> **REQUIRED WORK**
The answer is the full set of records, given again exactly and without images.
···
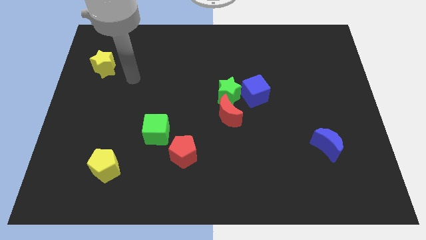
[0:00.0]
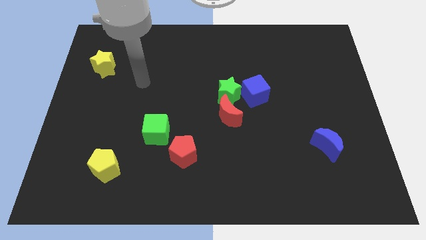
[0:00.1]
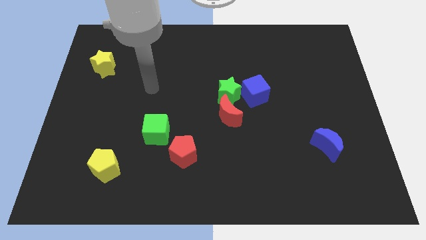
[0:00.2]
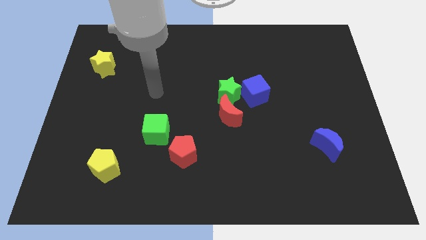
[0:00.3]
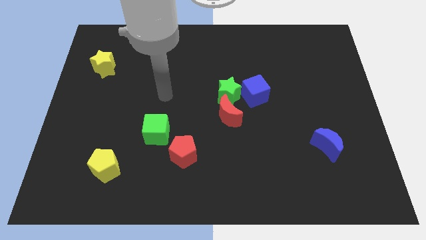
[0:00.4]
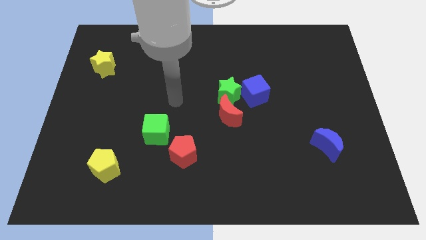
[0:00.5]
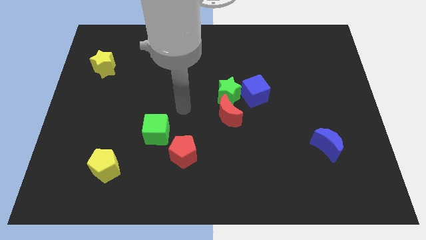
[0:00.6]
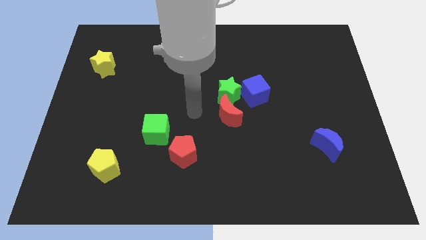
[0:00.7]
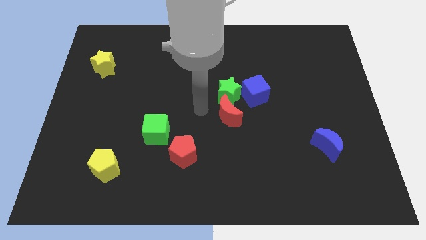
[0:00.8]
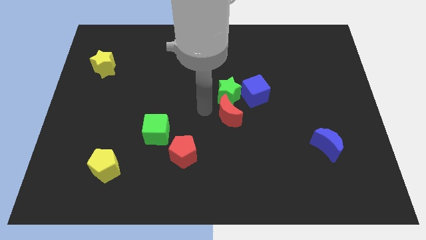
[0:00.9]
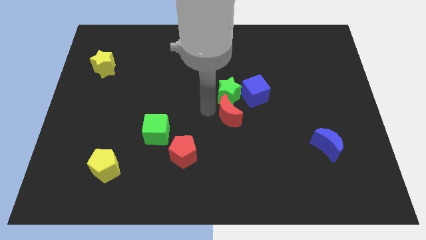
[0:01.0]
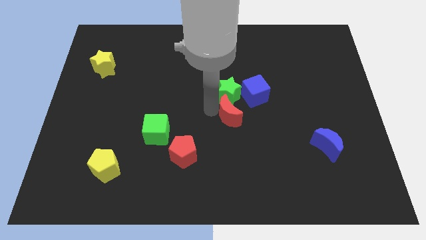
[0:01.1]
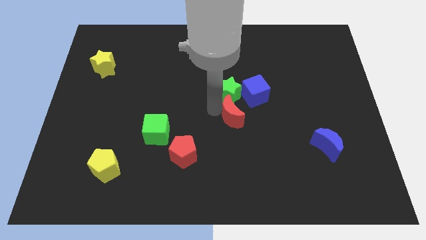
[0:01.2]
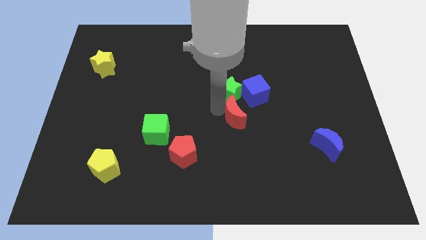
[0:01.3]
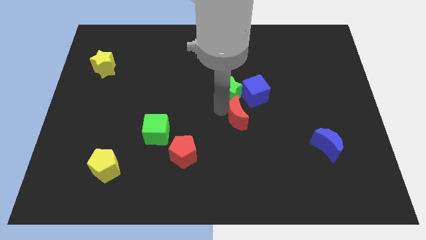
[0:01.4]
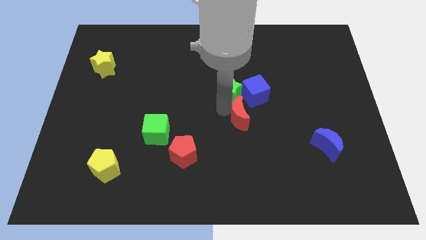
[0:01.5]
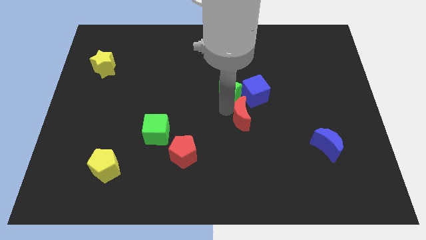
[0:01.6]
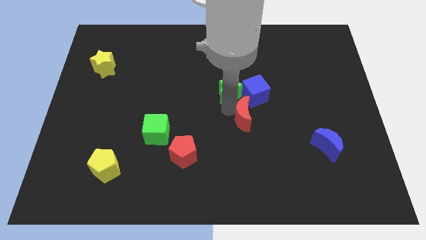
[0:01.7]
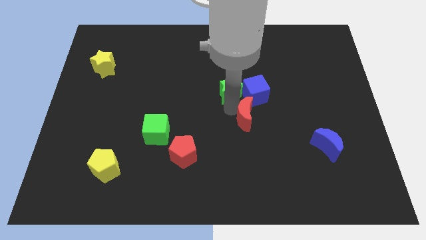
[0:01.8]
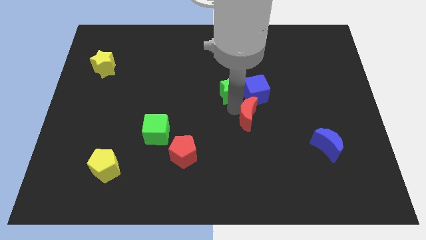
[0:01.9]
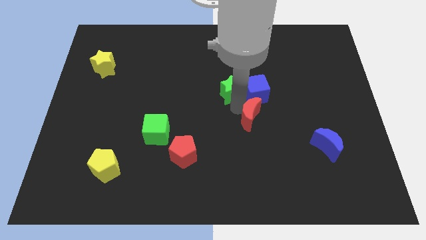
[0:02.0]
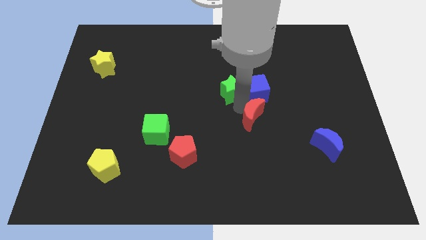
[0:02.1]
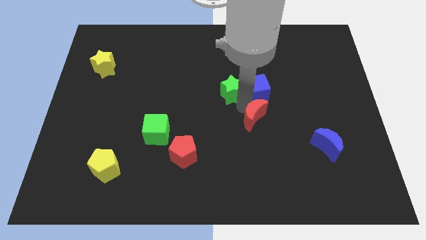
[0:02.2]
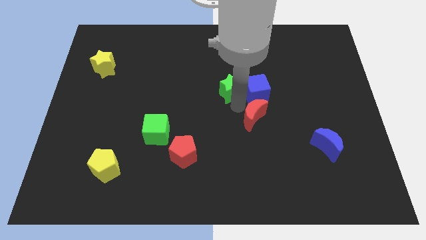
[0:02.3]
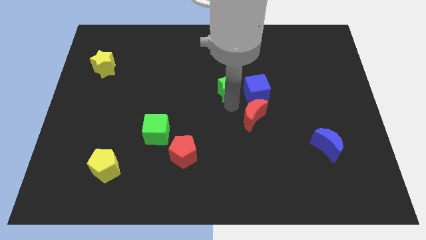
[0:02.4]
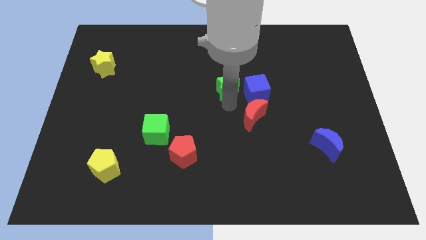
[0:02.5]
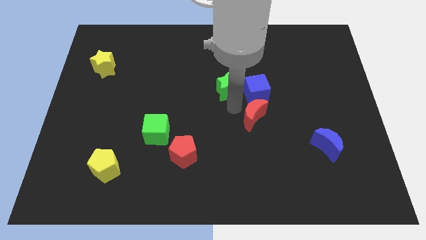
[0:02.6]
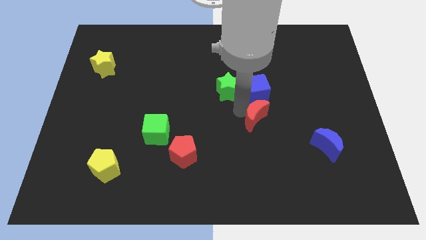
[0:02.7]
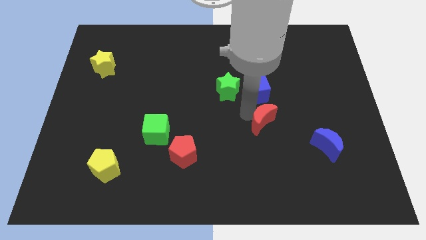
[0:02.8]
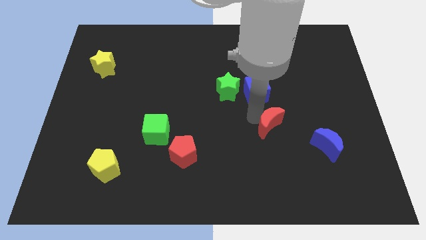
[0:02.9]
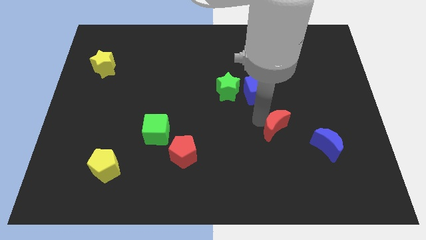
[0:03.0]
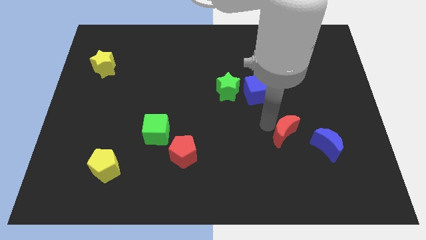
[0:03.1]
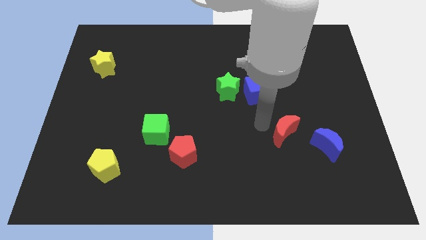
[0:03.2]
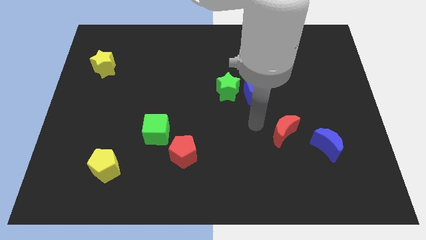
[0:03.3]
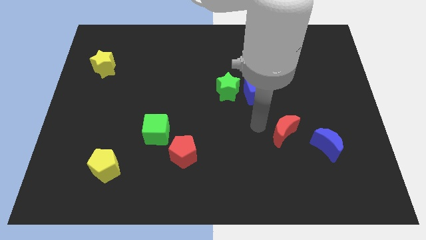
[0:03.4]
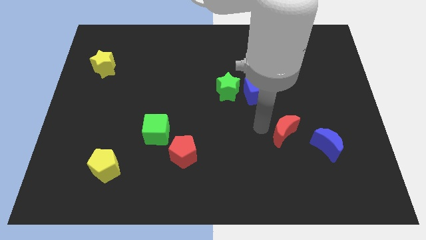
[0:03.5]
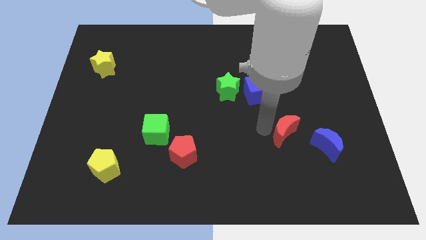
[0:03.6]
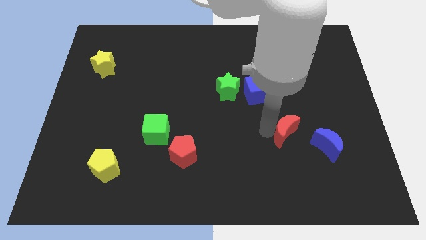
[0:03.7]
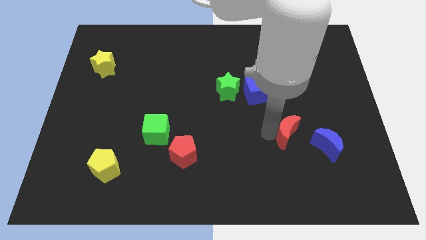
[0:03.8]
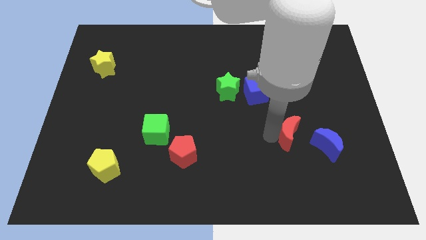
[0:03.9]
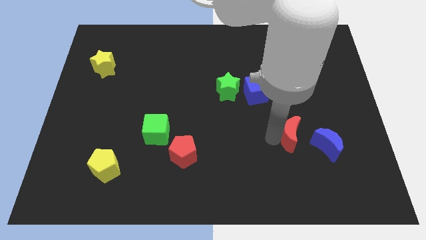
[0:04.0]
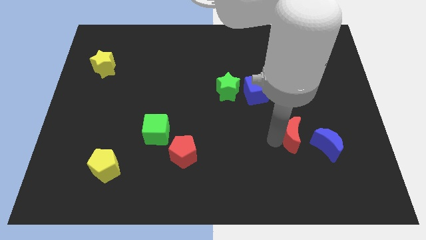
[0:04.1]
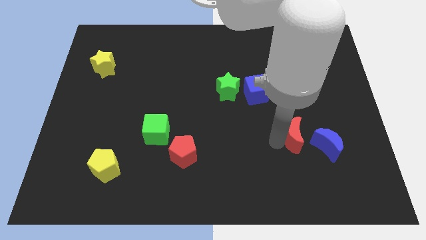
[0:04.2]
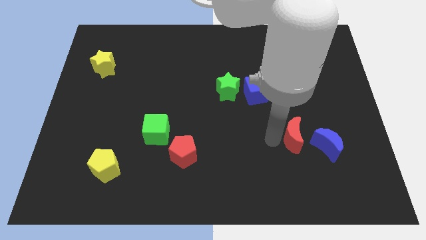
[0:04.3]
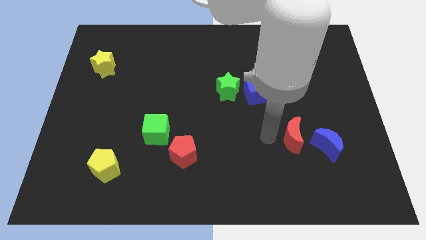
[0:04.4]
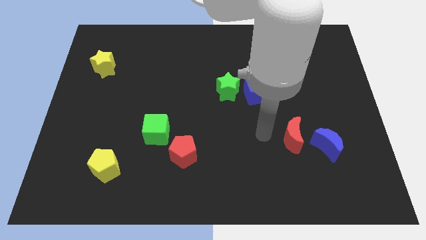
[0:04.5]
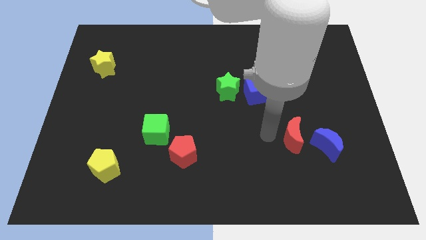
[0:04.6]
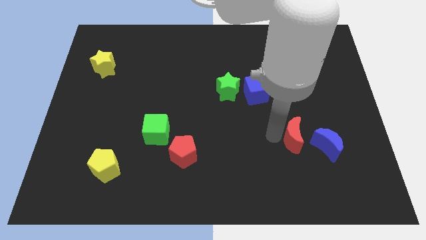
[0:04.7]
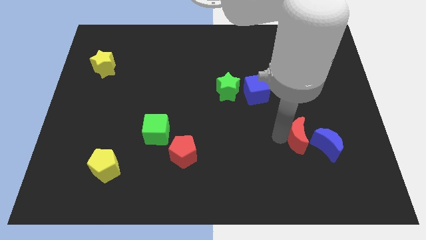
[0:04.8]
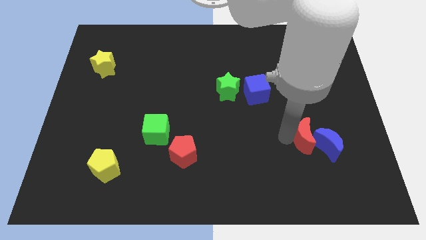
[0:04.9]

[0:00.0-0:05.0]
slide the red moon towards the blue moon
···
> **REPLY**
[0:00.0]
[0:00.1]
[0:00.2]
[0:00.3]
[0:00.4]
[0:00.5]
[0:00.6]
[0:00.7]
[0:00.8]
[0:00.9]
[0:01.0]
[0:01.1]
[0:01.2]
[0:01.3]
[0:01.4]
[0:01.5]
[0:01.6]
[0:01.7]
[0:01.8]
[0:01.9]
[0:02.0]
[0:02.1]
[0:02.2]
[0:02.3]
[0:02.4]
[0:02.5]
[0:02.6]
[0:02.7]
[0:02.8]
[0:02.9]
[0:03.0]
[0:03.1]
[0:03.2]
[0:03.3]
[0:03.4]
[0:03.5]
[0:03.6]
[0:03.7]
[0:03.8]
[0:03.9]
[0:04.0]
[0:04.1]
[0:04.2]
[0:04.3]
[0:04.4]
[0:04.5]
[0:04.6]
[0:04.7]
[0:04.8]
[0:04.9]

[0:00.0-0:05.0]
slide the red moon towards the blue moon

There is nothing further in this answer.